The evaluation of the elastic scattering differential cross section of electron scattering from a planar surface of a vibrating lattice is reduced to the solution of a set of coupled algebraic equations for the associated scattering amplitude. This reduction is valid both for overlapping potentials (thus removing the restriction of previous analyses to muffin-tin potentials) and for the nonspherical potentials associated with ion cores at solid surfaces. The algebraic equations are solved using a double-diffraction analysis of the inelastic-collision model. Surface scatterers are taken to be geometrically equivalent but electronically and vibronically inequivalent to those in the bulk. A Debye model is used to describe the phonon spectrum of the solid. Numerical results are presented for a hypothetical fcc metal with the lattice parameters of aluminum. Thermal expansion alters the energies of peaks in the elastic intensity profiles ($I-V$ curves), whereas the thermal vibration of the ion cores alters the intensities of the peaks. The temperature dependence of the peak heights can be described by the kinematic model in which it is attributed to the Debye-Waller factor associated with an "effective" Debye temperature.
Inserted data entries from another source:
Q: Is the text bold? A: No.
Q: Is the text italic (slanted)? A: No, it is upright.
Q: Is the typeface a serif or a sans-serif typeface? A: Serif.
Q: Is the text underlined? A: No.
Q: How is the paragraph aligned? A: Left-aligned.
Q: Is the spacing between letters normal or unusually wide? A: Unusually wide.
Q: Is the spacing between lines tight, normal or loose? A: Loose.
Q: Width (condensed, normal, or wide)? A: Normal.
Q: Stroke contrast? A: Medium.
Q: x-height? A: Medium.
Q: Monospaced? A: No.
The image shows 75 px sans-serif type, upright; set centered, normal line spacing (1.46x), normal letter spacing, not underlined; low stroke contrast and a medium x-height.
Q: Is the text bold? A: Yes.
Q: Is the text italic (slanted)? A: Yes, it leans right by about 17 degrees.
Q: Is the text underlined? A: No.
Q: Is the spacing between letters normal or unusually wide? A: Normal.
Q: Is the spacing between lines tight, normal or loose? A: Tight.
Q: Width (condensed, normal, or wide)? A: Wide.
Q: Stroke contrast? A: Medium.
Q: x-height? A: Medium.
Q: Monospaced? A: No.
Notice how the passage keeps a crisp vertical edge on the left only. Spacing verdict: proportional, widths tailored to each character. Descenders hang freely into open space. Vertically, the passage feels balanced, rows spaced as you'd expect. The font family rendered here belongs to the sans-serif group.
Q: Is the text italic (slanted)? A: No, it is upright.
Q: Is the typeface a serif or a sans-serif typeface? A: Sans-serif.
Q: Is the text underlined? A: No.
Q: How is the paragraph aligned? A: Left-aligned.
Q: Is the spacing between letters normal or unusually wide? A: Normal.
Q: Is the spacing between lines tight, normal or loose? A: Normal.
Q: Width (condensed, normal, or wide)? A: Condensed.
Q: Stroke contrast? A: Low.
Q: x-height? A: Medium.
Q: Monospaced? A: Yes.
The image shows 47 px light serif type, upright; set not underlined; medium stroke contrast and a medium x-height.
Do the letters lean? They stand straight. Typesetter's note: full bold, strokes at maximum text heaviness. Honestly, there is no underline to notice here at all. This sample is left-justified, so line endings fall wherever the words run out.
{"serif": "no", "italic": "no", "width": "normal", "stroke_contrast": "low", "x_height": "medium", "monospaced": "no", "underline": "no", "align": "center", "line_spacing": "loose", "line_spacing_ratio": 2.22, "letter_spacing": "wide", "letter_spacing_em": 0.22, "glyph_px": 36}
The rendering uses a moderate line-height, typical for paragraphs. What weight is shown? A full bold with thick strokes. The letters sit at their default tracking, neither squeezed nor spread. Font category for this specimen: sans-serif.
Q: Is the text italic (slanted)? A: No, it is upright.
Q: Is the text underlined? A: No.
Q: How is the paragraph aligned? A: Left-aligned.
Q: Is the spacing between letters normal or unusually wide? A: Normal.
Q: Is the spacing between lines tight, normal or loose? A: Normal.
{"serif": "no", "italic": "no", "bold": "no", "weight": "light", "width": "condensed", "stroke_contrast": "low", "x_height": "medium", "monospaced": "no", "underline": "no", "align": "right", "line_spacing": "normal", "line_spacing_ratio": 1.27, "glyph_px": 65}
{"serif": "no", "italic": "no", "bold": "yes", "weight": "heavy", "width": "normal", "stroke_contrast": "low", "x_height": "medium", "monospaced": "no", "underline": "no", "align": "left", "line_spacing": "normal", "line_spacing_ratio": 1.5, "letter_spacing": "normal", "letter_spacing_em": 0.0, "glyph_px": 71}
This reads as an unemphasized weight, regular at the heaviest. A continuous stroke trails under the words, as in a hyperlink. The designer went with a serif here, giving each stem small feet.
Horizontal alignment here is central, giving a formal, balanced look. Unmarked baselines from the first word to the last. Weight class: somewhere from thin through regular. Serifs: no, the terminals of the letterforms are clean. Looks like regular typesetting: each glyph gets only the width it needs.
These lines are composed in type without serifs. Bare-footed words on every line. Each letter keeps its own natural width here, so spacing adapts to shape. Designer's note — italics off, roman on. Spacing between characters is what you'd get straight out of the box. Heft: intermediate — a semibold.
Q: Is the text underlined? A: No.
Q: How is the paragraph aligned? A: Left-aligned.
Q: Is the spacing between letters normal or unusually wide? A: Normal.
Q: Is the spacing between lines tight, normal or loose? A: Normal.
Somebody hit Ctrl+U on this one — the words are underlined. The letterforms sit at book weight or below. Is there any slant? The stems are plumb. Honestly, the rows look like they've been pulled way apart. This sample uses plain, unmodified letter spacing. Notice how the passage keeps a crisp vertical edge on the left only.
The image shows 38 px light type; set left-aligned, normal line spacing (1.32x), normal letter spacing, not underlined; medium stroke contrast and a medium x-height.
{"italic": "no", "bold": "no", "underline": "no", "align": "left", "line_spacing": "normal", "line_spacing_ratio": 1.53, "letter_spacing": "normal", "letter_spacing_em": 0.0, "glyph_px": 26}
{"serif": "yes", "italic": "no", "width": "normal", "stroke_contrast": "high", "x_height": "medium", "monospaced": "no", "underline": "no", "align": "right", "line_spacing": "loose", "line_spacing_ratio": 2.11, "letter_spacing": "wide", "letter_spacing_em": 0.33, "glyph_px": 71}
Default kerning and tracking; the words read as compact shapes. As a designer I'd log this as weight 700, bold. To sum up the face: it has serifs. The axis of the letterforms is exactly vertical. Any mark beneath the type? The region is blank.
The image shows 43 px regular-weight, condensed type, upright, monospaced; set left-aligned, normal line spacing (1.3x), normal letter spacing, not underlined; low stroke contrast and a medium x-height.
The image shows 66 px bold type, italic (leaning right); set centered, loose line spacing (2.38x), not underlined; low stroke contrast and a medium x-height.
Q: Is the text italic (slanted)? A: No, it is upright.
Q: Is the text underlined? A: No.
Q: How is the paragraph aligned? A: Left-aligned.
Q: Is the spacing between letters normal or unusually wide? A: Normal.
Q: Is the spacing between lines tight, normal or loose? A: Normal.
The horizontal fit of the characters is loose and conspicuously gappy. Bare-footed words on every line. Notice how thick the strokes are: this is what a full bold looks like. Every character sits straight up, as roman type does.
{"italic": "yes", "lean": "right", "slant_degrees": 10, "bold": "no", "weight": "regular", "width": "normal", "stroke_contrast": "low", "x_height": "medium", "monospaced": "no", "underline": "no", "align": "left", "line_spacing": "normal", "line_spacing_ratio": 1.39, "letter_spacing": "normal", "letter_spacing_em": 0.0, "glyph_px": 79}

However, the multiple scattering of the electron from the lattice causes these "effective" Debye temperatures to be related to the parameters of the model (e.g., bulk and surface electron—ion-core scattering phase shifts, the inelastic-collision mean free path, bulk- and surface-model Debye temperatures) in a complicated fashion. Although the trends evident in the dependence of the effective Debye temperature on the model parameters can be rendered plausible, it appears almost impossible to extract from a kinematical model reliable quantitative information about the average thermal displacements of the surface and bulk ion cores.